§ Problem description: Print out the data below in full, exactly as written.

§ Records shown:
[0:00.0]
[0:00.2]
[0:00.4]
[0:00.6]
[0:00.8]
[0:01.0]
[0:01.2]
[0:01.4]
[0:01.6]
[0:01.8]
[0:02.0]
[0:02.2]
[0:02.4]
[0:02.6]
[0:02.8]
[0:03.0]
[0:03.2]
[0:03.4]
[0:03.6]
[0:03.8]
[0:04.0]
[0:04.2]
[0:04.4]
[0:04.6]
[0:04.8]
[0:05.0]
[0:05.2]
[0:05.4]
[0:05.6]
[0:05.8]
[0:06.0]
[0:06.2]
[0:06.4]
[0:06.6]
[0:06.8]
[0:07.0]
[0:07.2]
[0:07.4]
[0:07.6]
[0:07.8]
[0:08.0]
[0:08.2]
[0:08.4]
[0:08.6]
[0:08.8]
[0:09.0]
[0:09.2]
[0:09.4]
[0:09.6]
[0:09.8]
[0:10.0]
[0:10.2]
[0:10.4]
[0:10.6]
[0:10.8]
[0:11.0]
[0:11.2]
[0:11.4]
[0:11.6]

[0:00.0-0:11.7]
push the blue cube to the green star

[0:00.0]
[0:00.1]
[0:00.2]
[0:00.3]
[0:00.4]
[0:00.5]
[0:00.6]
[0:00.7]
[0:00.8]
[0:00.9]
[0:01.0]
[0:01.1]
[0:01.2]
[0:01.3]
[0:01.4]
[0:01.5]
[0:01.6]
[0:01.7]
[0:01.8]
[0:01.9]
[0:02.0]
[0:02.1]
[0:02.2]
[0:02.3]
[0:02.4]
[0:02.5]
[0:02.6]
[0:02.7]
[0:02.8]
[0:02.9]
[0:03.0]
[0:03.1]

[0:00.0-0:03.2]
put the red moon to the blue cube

§ Solution for this task:
[0:00.0]
[0:00.2]
[0:00.4]
[0:00.6]
[0:00.8]
[0:01.0]
[0:01.2]
[0:01.4]
[0:01.6]
[0:01.8]
[0:02.0]
[0:02.2]
[0:02.4]
[0:02.6]
[0:02.8]
[0:03.0]
[0:03.2]
[0:03.4]
[0:03.6]
[0:03.8]
[0:04.0]
[0:04.2]
[0:04.4]
[0:04.6]
[0:04.8]
[0:05.0]
[0:05.2]
[0:05.4]
[0:05.6]
[0:05.8]
[0:06.0]
[0:06.2]
[0:06.4]
[0:06.6]
[0:06.8]
[0:07.0]
[0:07.2]
[0:07.4]
[0:07.6]
[0:07.8]
[0:08.0]
[0:08.2]
[0:08.4]
[0:08.6]
[0:08.8]
[0:09.0]
[0:09.2]
[0:09.4]
[0:09.6]
[0:09.8]
[0:10.0]
[0:10.2]
[0:10.4]
[0:10.6]
[0:10.8]
[0:11.0]
[0:11.2]
[0:11.4]
[0:11.6]

[0:00.0-0:11.7]
push the blue cube to the green star

[0:00.0]
[0:00.1]
[0:00.2]
[0:00.3]
[0:00.4]
[0:00.5]
[0:00.6]
[0:00.7]
[0:00.8]
[0:00.9]
[0:01.0]
[0:01.1]
[0:01.2]
[0:01.3]
[0:01.4]
[0:01.5]
[0:01.6]
[0:01.7]
[0:01.8]
[0:01.9]
[0:02.0]
[0:02.1]
[0:02.2]
[0:02.3]
[0:02.4]
[0:02.5]
[0:02.6]
[0:02.7]
[0:02.8]
[0:02.9]
[0:03.0]
[0:03.1]

[0:00.0-0:03.2]
put the red moon to the blue cube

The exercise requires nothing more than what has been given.